On April 5, 2026, a Los Angeles dance teacher named Laura Pinho married a man named Salem S.E. Abu Amra in a remote ceremony permitted under Utah law. She had never lived with him. They share no home, no history, no life together. She already has two children with a different man.
The U.S. Citizenship and Immigration Services has a word for that arrangement. Several words, actually. The relevant ones are "federal crime."
Pinho, a CODEPINK activist who teaches at Canoga Park Senior High School in California, arranged the marriage to bring Abu Amra — a resident of Gaza — into the United States on a green card, according to a report from the Daily Wire. USCIS spokesman Zach Kahler didn't leave much room for ambiguity about what comes next. "These individuals should expect to be discovered and prosecuted for this illegal activity," Kahler said, adding that "USCIS is constantly enhancing its investigative capabilities."
The penalty for marriage fraud: up to five years in federal prison and a $250,000 fine.
Pinho apparently views the situation differently. During a June 16, 2026 CODEPINK webinar, she explained her reasoning. "I have power as an American citizen. I have a passport that I was just born with, and how can I live in this world if I don't make every effort to equalize the playing field," she said.

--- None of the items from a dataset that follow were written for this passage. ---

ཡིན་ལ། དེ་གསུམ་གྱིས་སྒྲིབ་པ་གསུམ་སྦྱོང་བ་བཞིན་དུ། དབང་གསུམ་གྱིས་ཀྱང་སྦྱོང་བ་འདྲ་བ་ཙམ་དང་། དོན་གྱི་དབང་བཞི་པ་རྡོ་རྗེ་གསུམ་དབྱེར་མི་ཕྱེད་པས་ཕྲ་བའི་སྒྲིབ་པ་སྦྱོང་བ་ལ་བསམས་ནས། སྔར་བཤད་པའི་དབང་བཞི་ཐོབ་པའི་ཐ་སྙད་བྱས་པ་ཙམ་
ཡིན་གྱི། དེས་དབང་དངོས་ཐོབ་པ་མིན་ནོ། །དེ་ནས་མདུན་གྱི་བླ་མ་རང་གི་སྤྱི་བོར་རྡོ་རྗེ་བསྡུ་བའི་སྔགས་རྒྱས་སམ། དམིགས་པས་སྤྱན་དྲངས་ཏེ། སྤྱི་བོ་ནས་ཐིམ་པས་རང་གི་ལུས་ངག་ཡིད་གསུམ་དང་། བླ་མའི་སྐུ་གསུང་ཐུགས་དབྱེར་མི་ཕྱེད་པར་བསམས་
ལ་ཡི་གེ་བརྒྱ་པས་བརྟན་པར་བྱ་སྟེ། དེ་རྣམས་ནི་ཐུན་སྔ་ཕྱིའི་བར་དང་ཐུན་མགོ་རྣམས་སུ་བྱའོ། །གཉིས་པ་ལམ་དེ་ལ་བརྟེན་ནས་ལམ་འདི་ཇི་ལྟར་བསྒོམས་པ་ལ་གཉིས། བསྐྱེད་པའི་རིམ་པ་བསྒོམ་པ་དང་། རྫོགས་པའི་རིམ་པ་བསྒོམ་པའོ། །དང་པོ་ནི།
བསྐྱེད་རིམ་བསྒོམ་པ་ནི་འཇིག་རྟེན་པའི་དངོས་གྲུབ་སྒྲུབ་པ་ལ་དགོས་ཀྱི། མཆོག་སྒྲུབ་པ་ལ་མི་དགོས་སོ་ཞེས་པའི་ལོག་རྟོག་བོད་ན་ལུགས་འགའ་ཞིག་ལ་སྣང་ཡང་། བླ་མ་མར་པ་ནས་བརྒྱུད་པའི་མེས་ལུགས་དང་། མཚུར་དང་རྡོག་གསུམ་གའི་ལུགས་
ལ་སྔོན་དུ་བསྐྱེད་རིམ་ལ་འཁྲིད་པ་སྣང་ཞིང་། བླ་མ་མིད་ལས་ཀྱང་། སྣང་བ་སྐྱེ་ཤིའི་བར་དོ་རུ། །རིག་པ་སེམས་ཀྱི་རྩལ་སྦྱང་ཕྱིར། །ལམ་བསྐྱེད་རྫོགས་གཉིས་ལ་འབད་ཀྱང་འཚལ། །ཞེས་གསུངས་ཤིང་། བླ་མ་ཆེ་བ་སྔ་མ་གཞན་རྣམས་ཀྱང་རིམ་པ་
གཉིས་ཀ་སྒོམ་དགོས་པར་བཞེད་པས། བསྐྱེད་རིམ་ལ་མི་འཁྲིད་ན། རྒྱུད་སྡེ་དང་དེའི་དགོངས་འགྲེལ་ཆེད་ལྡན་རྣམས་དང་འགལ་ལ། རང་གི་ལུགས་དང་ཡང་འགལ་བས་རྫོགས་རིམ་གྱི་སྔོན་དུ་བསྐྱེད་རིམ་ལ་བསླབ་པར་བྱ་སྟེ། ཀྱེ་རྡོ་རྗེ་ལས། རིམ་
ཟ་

Equalizing the playing field, in this case, meant committing a felony.
Immigration attorney Michael Wildes, a former federal prosecutor, laid out the legal exposure in terms even a dance teacher could follow. "She can be prosecuted criminally, brought up on federal conspiracy charges," Wildes said. He noted that "marriage fraud is one of the top five crimes" his former office pursued.
Then there's the personal backdrop. Derek J. Reid, Pinho's former domestic partner and the father of her two children, told the Daily Wire he's alarmed by her trajectory. "She's been radicalized," Reid said. "The crowd she runs with... I'm worried for her."
The crowd she runs with includes CODEPINK, the activist group best known for disrupting congressional hearings and staging protests at defense contractors. Pinho also reportedly helped establish a Students for Justice in Palestine chapter at her high school. Her social media history includes a 2019 post paying tribute to Baha Abu al-Atta, a Palestinian Islamic Jihad commander. Other posts referenced "Satanic bankers" and contained what observers flagged as antisemitic content.
She also launched a GoFundMe campaign to raise money for Abu Amra.
The marriage-fraud statute exists because the immigration system — whatever its flaws — relies on the assumption that people applying for spousal green cards are actually spouses. When activists decide that their political convictions override federal law, the system doesn't shrug. It prosecutes. Kahler's statement made that abundantly clear.
Pinho presumably teaches her students at Canoga Park Senior High that actions have consequences. A remote marriage ceremony in Utah to a man from Gaza she organized through activist networks, broadcast on a CODEPINK webinar, and funded through a public GoFundMe page is not exactly a criminal mastermind's playbook.
Five years and $250,000. That's the price tag on equalizing the playing field.